------ RECORDS ------

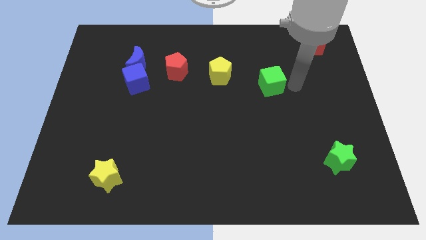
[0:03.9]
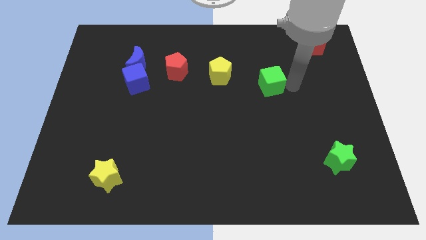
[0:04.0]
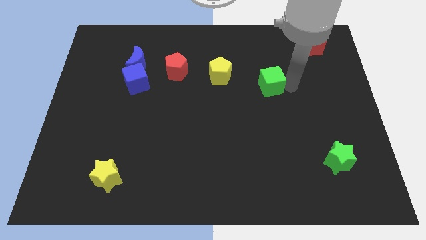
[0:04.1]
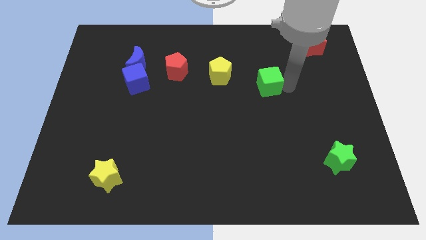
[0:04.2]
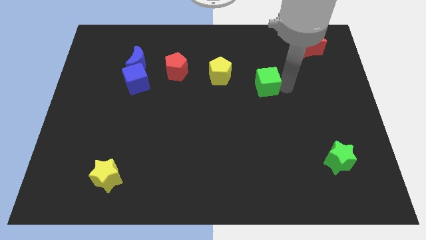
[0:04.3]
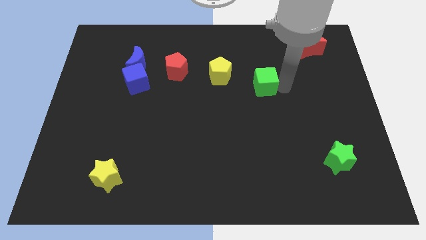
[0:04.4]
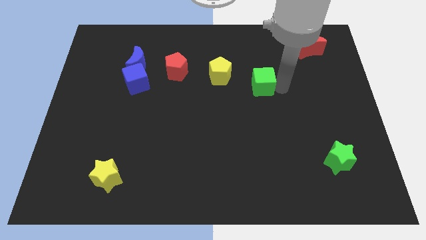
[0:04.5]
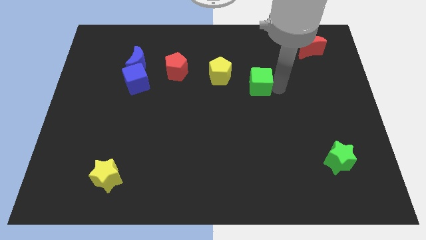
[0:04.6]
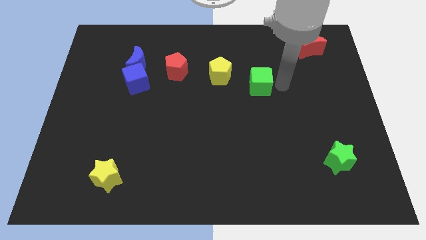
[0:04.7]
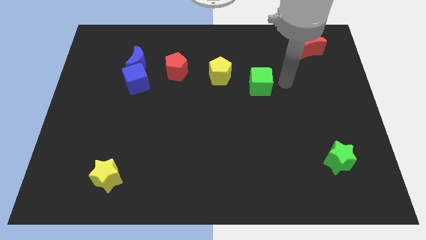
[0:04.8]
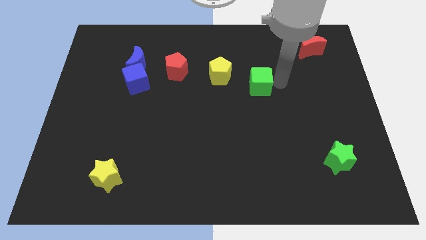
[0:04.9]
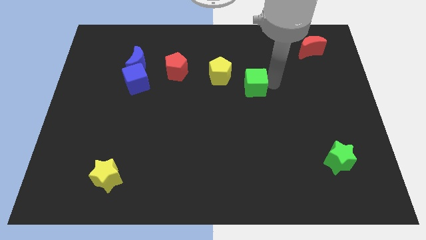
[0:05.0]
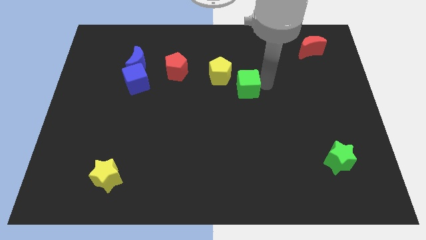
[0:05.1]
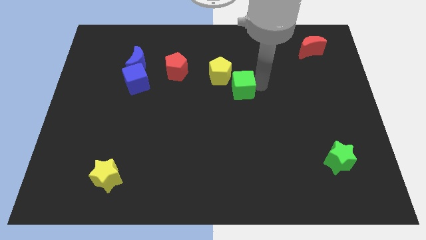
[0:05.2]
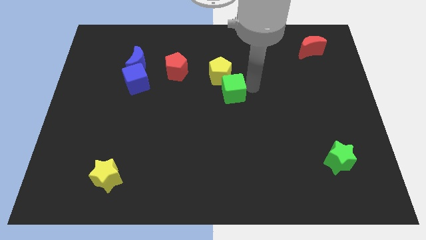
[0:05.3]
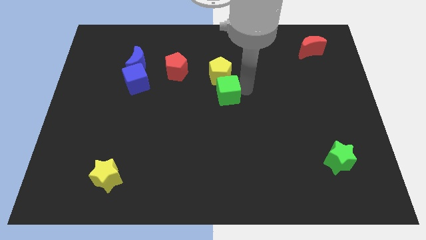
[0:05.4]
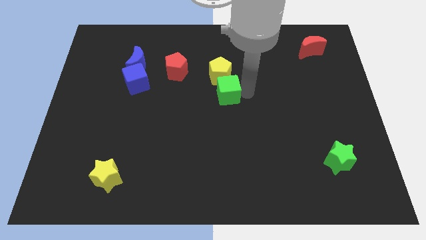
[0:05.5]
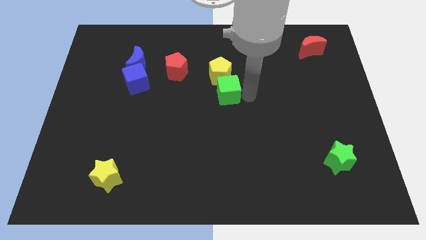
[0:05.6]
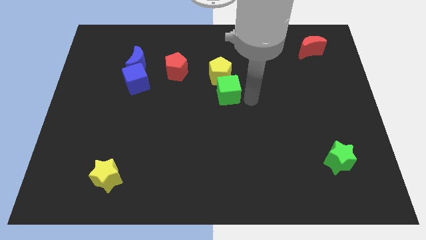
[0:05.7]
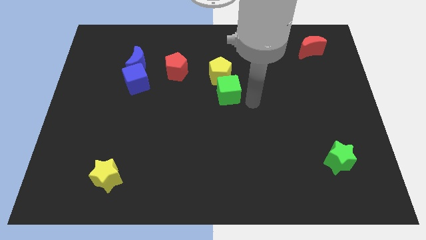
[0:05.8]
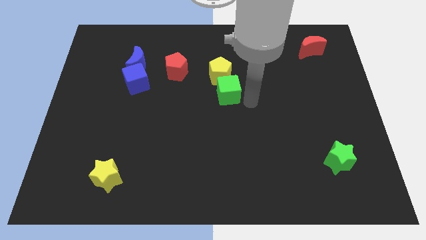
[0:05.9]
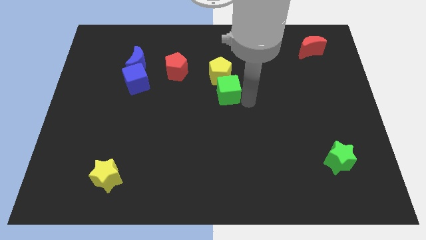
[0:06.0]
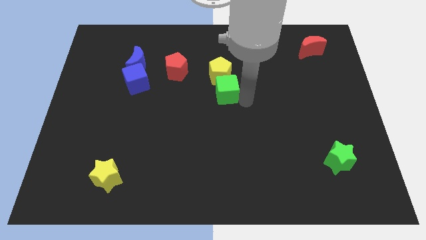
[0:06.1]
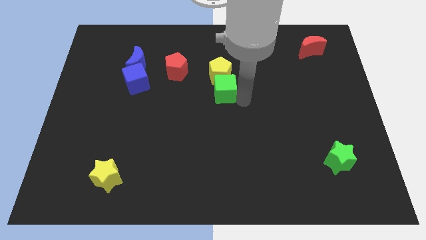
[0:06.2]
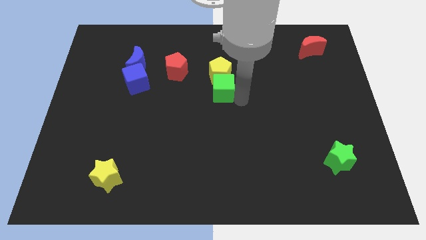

------

• PROBLEM STATEMENT
Output a faithful copy of the data, with each picture left out.

• OUTPUT OF THE TASK
[0:03.9]
[0:04.0]
[0:04.1]
[0:04.2]
[0:04.3]
[0:04.4]
[0:04.5]
[0:04.6]
[0:04.7]
[0:04.8]
[0:04.9]
[0:05.0]
[0:05.1]
[0:05.2]
[0:05.3]
[0:05.4]
[0:05.5]
[0:05.6]
[0:05.7]
[0:05.8]
[0:05.9]
[0:06.0]
[0:06.1]
[0:06.2]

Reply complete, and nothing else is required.